After quite a while, Vince has finally stepped up! :001_tongue:

However, to do this she really bites. She bites, then steps up and then as soon as you move, or sometimes just randomly, she bites again. She doesn't seem scared or anything... so I'm not sure why she's doing this? She's never been like this before (but she's only just started stepping up today) I keep my hand really still and even when she bites, I never react or make any quick movements to unnerve her etc.

Plus, it really hurts! Haha!

I've uploaded a video below as it's easier than trying to explain.






Does anyone know why she might be biting so much? Also, how can I carry on with the taming process but stop her biting? I'M CONFUSED!

Thanks guys! :sulpher too:


----------



## iHeartPieds

I've had this problem before as well. When she bites, ask her to step up again. If she bites again, ask her to step up. Once she steps up without biting, put her on her play stand or somewhere that she likes. Eventually she will learn that biting means she has to work and she'll stop.


----------



## StarlingWings

How old is she? She may be approaching her "teenage stage", which makes budgies more aggressive and quick-tempered as they hit puberty.

When she bites, say "no" firmly (but not loudly) and put her down in her cage and leave the room. Budgies are flock animals and being rejected by a member of their "flock" conveys your disappointment with her. Eventually she will grow out of being so "bitey" but for right now it will help to convey to her through your body language what you want from her. When she steps up without biting, praise her heartily.

Here's a link with more on the "teenage" stage: http://www.talkbudgies.com/budgie-behavior/358802-why-my-young-budgie-suddenly-aggressive.html


----------



## Drummer

You've received some great advice. 

I went through something similar with a female budgie except she was already tame when she went through "puberty" (and a couple years old:glare and like your female - she would bite hard. I eventually started using a couple of wood perches that I would have her step up onto instead of my finger - until she stopped biting. A few days later I was able to have her step up onto my finger without being bit and she was back to her normal sweet self.


----------



## philw

The video is good in showing that she needs something to do other than just sit on your finger. I'm thinking that she's just trying to find out every thing about this finger. Parrot family birds only have their beaks and feet to examine objects. When she steps up (which is good) do you move her to another location, or let her out the cage?

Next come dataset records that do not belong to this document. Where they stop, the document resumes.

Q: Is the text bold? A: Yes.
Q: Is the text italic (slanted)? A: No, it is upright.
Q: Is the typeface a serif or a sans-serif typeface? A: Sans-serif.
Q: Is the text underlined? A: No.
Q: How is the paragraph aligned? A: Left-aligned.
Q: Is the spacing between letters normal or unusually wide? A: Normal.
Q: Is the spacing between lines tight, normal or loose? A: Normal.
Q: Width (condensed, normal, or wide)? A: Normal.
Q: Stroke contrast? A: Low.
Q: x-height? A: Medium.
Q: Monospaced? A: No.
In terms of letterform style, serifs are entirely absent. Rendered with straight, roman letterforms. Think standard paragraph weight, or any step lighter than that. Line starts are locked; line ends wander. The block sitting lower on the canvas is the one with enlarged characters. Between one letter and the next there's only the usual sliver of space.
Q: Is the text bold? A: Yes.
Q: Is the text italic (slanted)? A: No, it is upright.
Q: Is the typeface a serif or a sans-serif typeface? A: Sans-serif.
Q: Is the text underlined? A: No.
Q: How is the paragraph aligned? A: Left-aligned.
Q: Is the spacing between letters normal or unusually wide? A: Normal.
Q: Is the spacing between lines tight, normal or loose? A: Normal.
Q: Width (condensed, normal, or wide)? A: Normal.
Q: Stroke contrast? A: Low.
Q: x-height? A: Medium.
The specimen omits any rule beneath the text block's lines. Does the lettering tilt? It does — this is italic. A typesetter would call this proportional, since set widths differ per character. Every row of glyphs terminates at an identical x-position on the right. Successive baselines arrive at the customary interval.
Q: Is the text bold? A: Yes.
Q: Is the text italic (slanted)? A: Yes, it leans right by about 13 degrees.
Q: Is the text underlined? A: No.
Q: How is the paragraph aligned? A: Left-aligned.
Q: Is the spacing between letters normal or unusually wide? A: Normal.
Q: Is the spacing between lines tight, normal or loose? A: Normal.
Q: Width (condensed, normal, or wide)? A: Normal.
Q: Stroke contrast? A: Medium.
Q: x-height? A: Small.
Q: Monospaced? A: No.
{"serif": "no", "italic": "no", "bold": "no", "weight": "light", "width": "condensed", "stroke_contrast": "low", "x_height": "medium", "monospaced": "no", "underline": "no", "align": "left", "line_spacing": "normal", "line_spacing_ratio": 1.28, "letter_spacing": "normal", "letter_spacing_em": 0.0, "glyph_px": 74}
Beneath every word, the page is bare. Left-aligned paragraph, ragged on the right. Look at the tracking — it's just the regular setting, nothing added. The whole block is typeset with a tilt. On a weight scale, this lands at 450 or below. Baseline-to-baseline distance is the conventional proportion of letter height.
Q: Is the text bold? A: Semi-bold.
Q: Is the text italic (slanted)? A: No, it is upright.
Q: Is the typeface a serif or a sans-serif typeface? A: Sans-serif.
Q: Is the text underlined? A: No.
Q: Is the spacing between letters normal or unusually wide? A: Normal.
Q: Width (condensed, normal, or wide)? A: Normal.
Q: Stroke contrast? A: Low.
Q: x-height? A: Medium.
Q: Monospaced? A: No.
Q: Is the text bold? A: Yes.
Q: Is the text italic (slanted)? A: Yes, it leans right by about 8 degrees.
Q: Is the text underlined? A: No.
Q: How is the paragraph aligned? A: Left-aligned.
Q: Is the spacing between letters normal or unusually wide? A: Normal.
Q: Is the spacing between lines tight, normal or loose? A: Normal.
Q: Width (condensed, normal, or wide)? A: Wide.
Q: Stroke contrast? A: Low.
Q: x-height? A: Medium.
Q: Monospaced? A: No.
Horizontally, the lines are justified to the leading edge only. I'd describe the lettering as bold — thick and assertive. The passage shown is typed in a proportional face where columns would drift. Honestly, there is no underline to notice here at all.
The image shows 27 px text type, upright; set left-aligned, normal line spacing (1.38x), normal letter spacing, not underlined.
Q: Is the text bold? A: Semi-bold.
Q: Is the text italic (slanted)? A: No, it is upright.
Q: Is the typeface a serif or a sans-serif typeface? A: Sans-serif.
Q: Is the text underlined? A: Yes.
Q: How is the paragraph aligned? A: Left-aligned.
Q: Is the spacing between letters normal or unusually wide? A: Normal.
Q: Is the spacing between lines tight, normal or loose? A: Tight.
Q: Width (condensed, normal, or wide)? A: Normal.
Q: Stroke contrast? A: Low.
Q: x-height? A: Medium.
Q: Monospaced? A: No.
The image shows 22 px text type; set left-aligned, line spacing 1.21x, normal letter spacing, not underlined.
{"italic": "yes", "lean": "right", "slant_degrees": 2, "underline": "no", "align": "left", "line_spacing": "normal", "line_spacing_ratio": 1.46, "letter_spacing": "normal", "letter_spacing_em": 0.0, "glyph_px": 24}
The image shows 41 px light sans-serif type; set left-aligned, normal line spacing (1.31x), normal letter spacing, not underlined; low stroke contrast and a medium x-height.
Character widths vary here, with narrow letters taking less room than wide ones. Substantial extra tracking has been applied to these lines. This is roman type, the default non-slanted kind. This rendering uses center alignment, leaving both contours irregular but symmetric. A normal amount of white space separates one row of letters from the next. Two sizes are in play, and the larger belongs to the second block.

Stepping up should be a way to direct your bird to a novel area or favored experience. Not just to sit on your finger. She's seems to be treating your finger as a toy. My suggestion would be to just don't give her time to explore the textures of your finger. While on your finger give her
something to do that she can chew on. Give her outside of cage time immediately when she steps up. This should be an easy fix. Hope this works.


----------



## FlowerBlossoms

I'm also dealing with this too, but I was able to find a website to explain it.

Here's the link!
http://feistyhome.phpwebhosting.com/puberty.htm

Sent from my iPhone using Tapatalk


----------



## VincentBudgie

Thanks everyone! Will definitely try these steps. She was biting less by the end of the weekend so that's good already! She bites her toys alot too, but I think she's naturally a little curious :001_tongue:

We let her out her cage for the first time too but now she seems a little nervous and won't stay on my finger as long. Is this normal? I was thinking she might feel a bit overwhelmed/confused about coming out the cage so have left her alone for a few days.

Any advice appreciated!


----------